When reading through the optimization innards of OpenMx, I came across this piece of code:

in npsolWrap.c, l.356:

if((x[k] == 0.0) && !disableOptimizer) {
x[k] += 0.1;
}

If I am not mistaken, the array x holds the starting values at that time point. I presume that this if-clause is included in order to avoid some "bad" starting conditions of the model-implied covariance matrix.
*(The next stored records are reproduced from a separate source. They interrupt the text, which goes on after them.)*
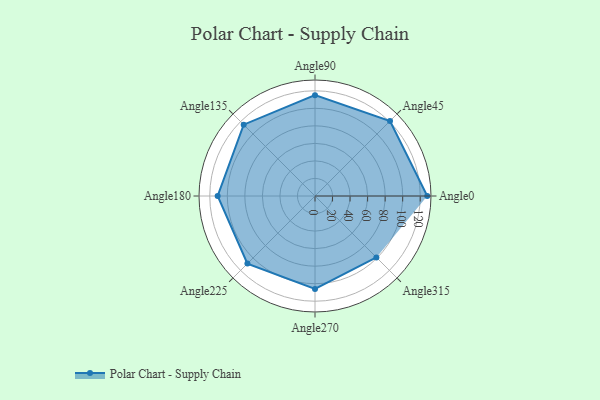
{"axis": {"x": "Angle", "y": "Radius"}, "legend": [""], "data": [{"x": "Angle0", "y": 128.0, "type": ""}, {"x": "Angle45", "y": 121.0, "type": ""}, {"x": "Angle90", "y": 115.0, "type": ""}, {"x": "Angle135", "y": 115.0, "type": ""}, {"x": "Angle180", "y": 111.0, "type": ""}, {"x": "Angle225", "y": 109.0, "type": ""}, {"x": "Angle270", "y": 106.0, "type": ""}, {"x": "Angle315", "y": 99.0, "type": ""}]}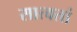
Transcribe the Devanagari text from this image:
सात्वतां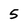
Character: 5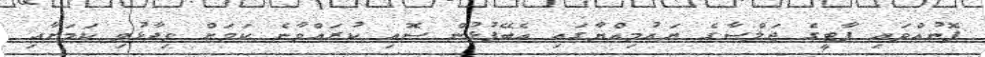
ފޮނުއްވައި ޕާޓީގެ ޖަލްސާގެ ޔައުމިއްޔާގައި އެބޭފުޅުން ސޮއި ކުރައްވާނެ ކަމަށް ވިދާޅުވި ކަމަށާއި

However, shouldn't users be informed or warned that the model is actually fitted with different starting values than those they had specified?

best regards,
Andreas

Replied on Tue, 04/10/2012 - 11:52
Picture of user. mspiegel Joined: 07/31/2009

This is a tricky one.           

As a matter of principle, I agree that we should be informing the user that we jiggled their starting values away from 0.0. However, there are a couple of caveats in this particular case:

  • Not performing this step results in a lot of non-positive-definite errors.
  • We could issue a warning(). My opinion is that warnings are useless, because programmers tend to ignore them.
  • We could just print some text to the console. I don't really like this either.
  • We could add an mxOption() to disable this behavior. And/or we could add an informational message to the summary() output.

In any case, we should probably document this behavior in the ?mxRun() file.

Replied on Tue, 04/10/2012 - 12:10
Picture of user. brandmaier Joined: 02/04/2010

In reply to by mspiegel

I agree with all your points.

I like the mxOption() very much. I can imagine having the possibility for specifying a "behavior" for start values, which in the long run could be, e.g.:

- "default": use the user-specified starting values (with clever improvements, like altering zeros)
- "force-user-specified-values": use the user-specified values no matter how bad they behave
- "least-squares": use least-squares estimates to override the user-specified start values
- "help-me-dear-openmx-gods": provide some clever estimates, if user has no clue, at all. Like setting variances to .5, covariances to .1 and loadings to 1.0. Or anything that is more clever.